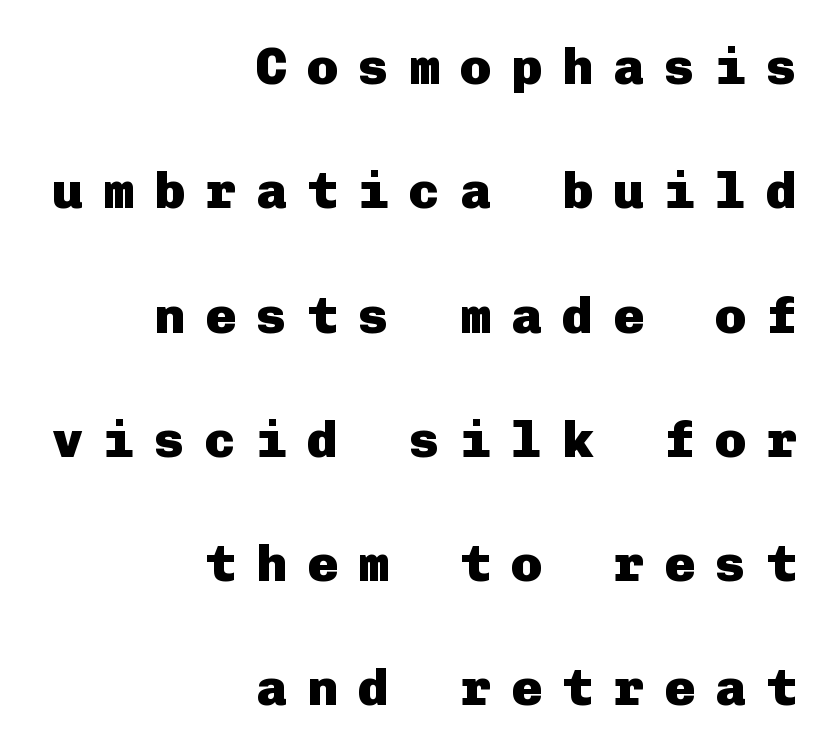
Q: Is the text bold? A: Yes.
Q: Is the text italic (slanted)? A: No, it is upright.
Q: Is the typeface a serif or a sans-serif typeface? A: Sans-serif.
Q: Is the text underlined? A: No.
Q: How is the paragraph aligned? A: Right-aligned.
Q: Is the spacing between letters normal or unusually wide? A: Unusually wide.
Q: Is the spacing between lines tight, normal or loose? A: Loose.
Q: Width (condensed, normal, or wide)? A: Normal.
Q: Stroke contrast? A: Low.
Q: x-height? A: Medium.
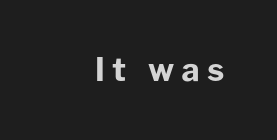
Check where the strokes stop: nothing finishes them off — pure sans. Looks like regular typesetting: each glyph gets only the width it needs. Each word looks stretched out because of the extra space between its letters. What weight is shown? A full bold with thick strokes. Upright lettering throughout.
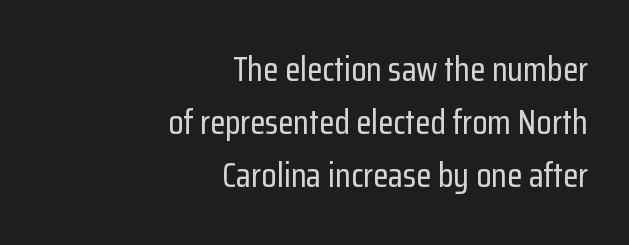
You can tell it's not italic because the verticals are truly vertical. Reading down the block, your eye finds every line finishing at a fixed right position. Words appear dense and cohesive because spacing is normal. The passage shown is typed in a proportional face where columns would drift. The passage shown stacks its lines at a standard gap. These lines are composed in type without serifs.
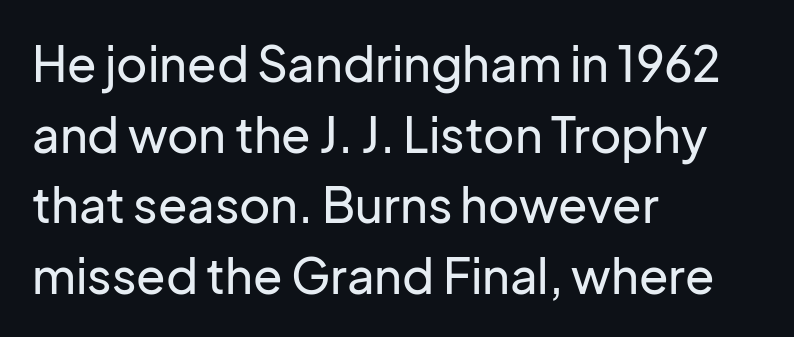
Q: Is the text italic (slanted)? A: No, it is upright.
Q: Is the typeface a serif or a sans-serif typeface? A: Sans-serif.
Q: Is the text underlined? A: No.
Q: How is the paragraph aligned? A: Left-aligned.
Q: Is the spacing between letters normal or unusually wide? A: Normal.
Q: Is the spacing between lines tight, normal or loose? A: Normal.
Q: Width (condensed, normal, or wide)? A: Normal.
Q: Stroke contrast? A: Low.
Q: x-height? A: Medium.
Q: Monospaced? A: No.
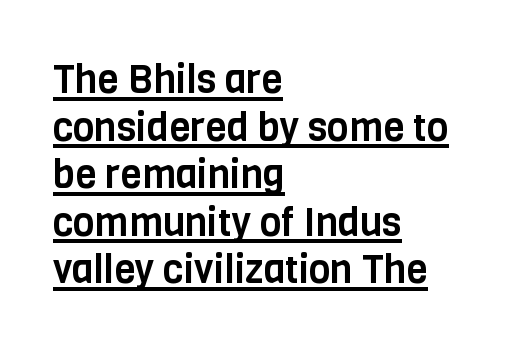
{"serif": "no", "italic": "no", "width": "condensed", "stroke_contrast": "low", "x_height": "large", "monospaced": "no", "underline": "yes", "align": "left", "line_spacing_ratio": 1.22, "letter_spacing": "normal", "letter_spacing_em": 0.0, "glyph_px": 39}
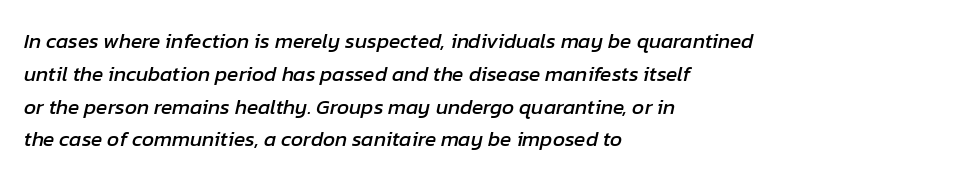
Rendered with sloped, italic letterforms. Observe the ordinary spacing: letters are neighbours, not strangers. A typesetter would call this leading conventional body-copy spacing. The rag falls on the right side of this text block. Bare-footed words on every line.
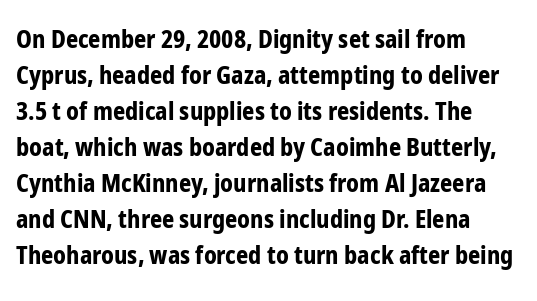
{"italic": "no", "bold": "yes", "underline": "no", "align": "left", "line_spacing": "normal", "line_spacing_ratio": 1.5, "letter_spacing": "normal", "letter_spacing_em": 0.0, "glyph_px": 24}
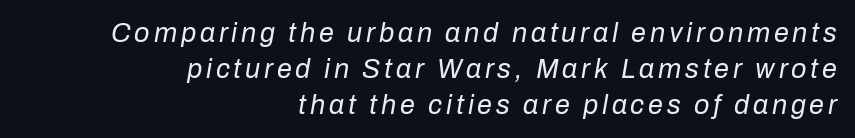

__________________________________________________

- [What to work on]
Using the records above, print exactly the run of lines that starts with the line with "Q: Monospaced? A: No." and goes on through the line with "Rendered with sloped, italic", pictures excluded.

- [Exercise response]
Q: Monospaced? A: No.
{"serif": "no", "italic": "no", "width": "condensed", "stroke_contrast": "low", "x_height": "large", "monospaced": "no", "underline": "yes", "align": "left", "line_spacing_ratio": 1.22, "letter_spacing": "normal", "letter_spacing_em": 0.0, "glyph_px": 39}
Rendered with sloped, italic letterforms. Observe the ordinary spacing: letters are neighbours, not strangers. A typesetter would call this leading conventional body-copy spacing. The rag falls on the right side of this text block. Bare-footed words on every line.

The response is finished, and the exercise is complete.